What about the situation of no chasuble? The CDWDS comes down hard:

[126.] The abuse is reprobated whereby the sacred ministers celebrate Holy Mass or other rites without sacred vestments or with only a stole over the monastic cowl or the common habit of religious or ordinary clothes, contrary to the prescriptions of the liturgical books, even when there is only one minister participating.[Cf. Liturgicae Instaurationes 8c] In order that such abuses be corrected as quickly as possible, Ordinaries should take care that in all churches and oratories subject to their jurisdiction there is present an adequate supply of liturgical vestments made in accordance with the norms.
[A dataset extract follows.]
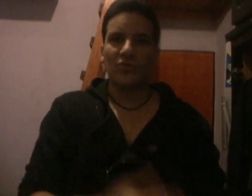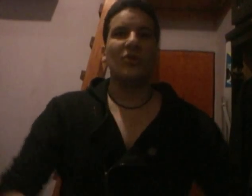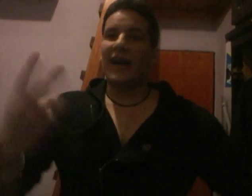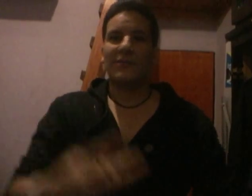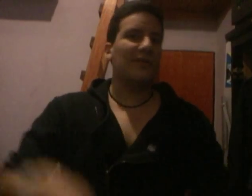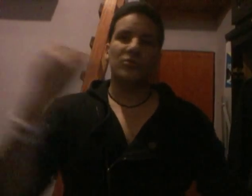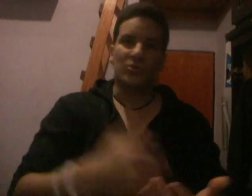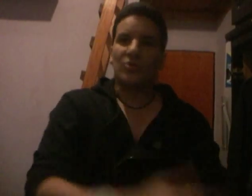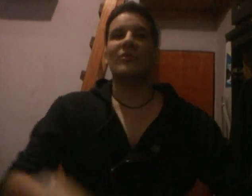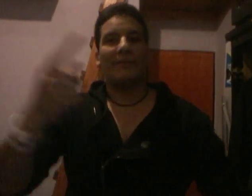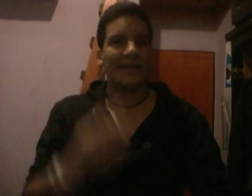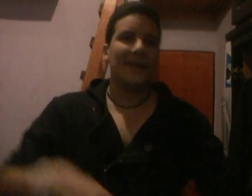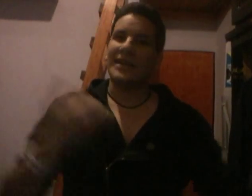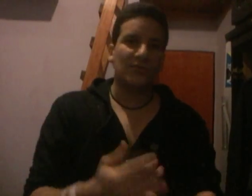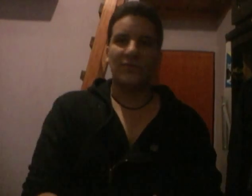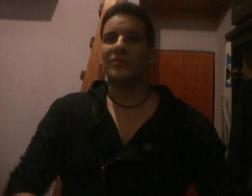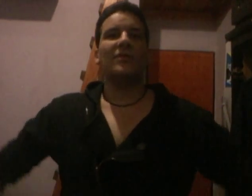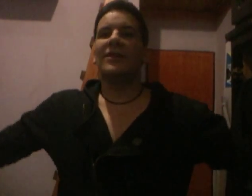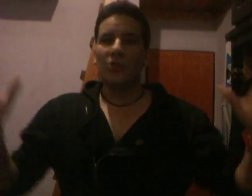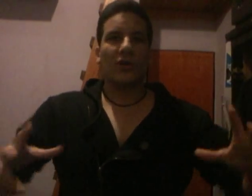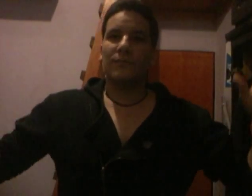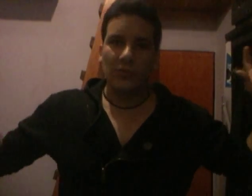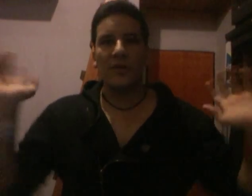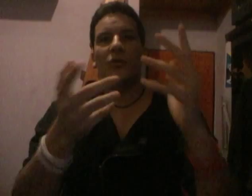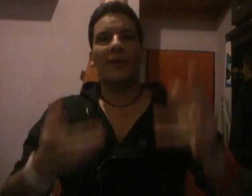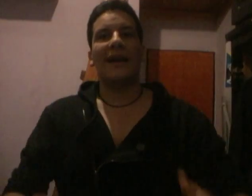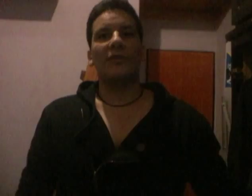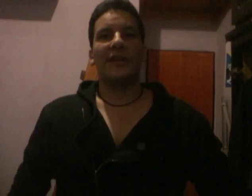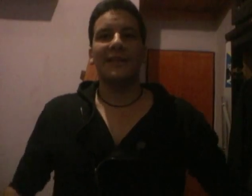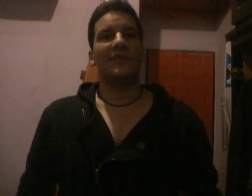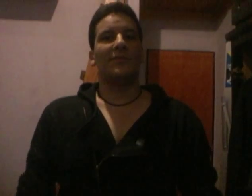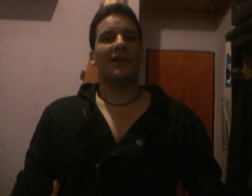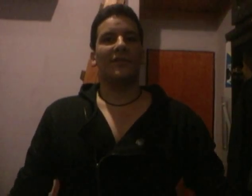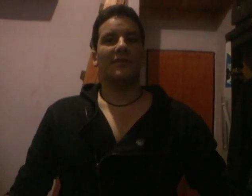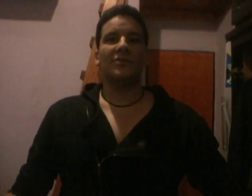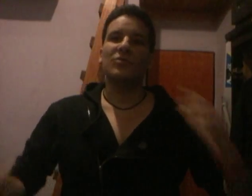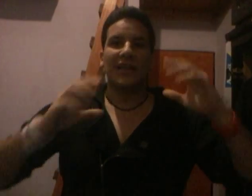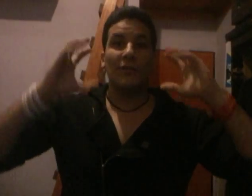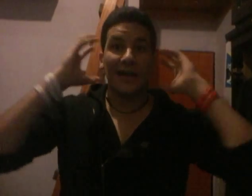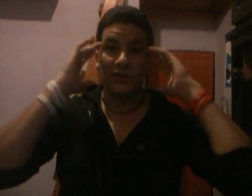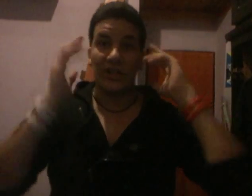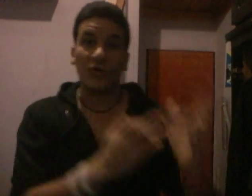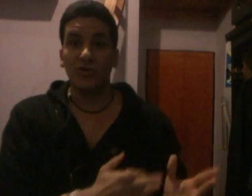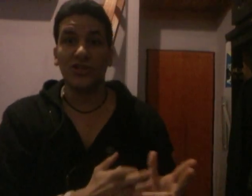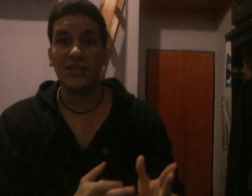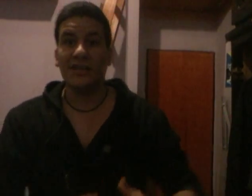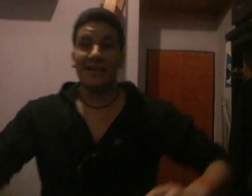tu, tu, a Iron Man 2, tu, tu, Capitán América, tu, tu, tu, tu, todo, pum, los Vengadores, y ahí te meten los Vengadores. Entonces vos ya los Vengadores, ya los conocés, ya

Bishops should oversee supply where supply is an issue.

I’ve known clergy who, for various reasons, prefer to omit the chasuble for, say, daily Mass. Alb and stole only. I’m not sure how to react to that. I can give my input when I visit a place, but it’s really likely some priest is going to listen to liturgist-on-vacation. I don’t see that a chasuble is a problem for any Mass. If I were a priest, I would comply here.

What do you clergy have to say about this? Deacons, too, chime in.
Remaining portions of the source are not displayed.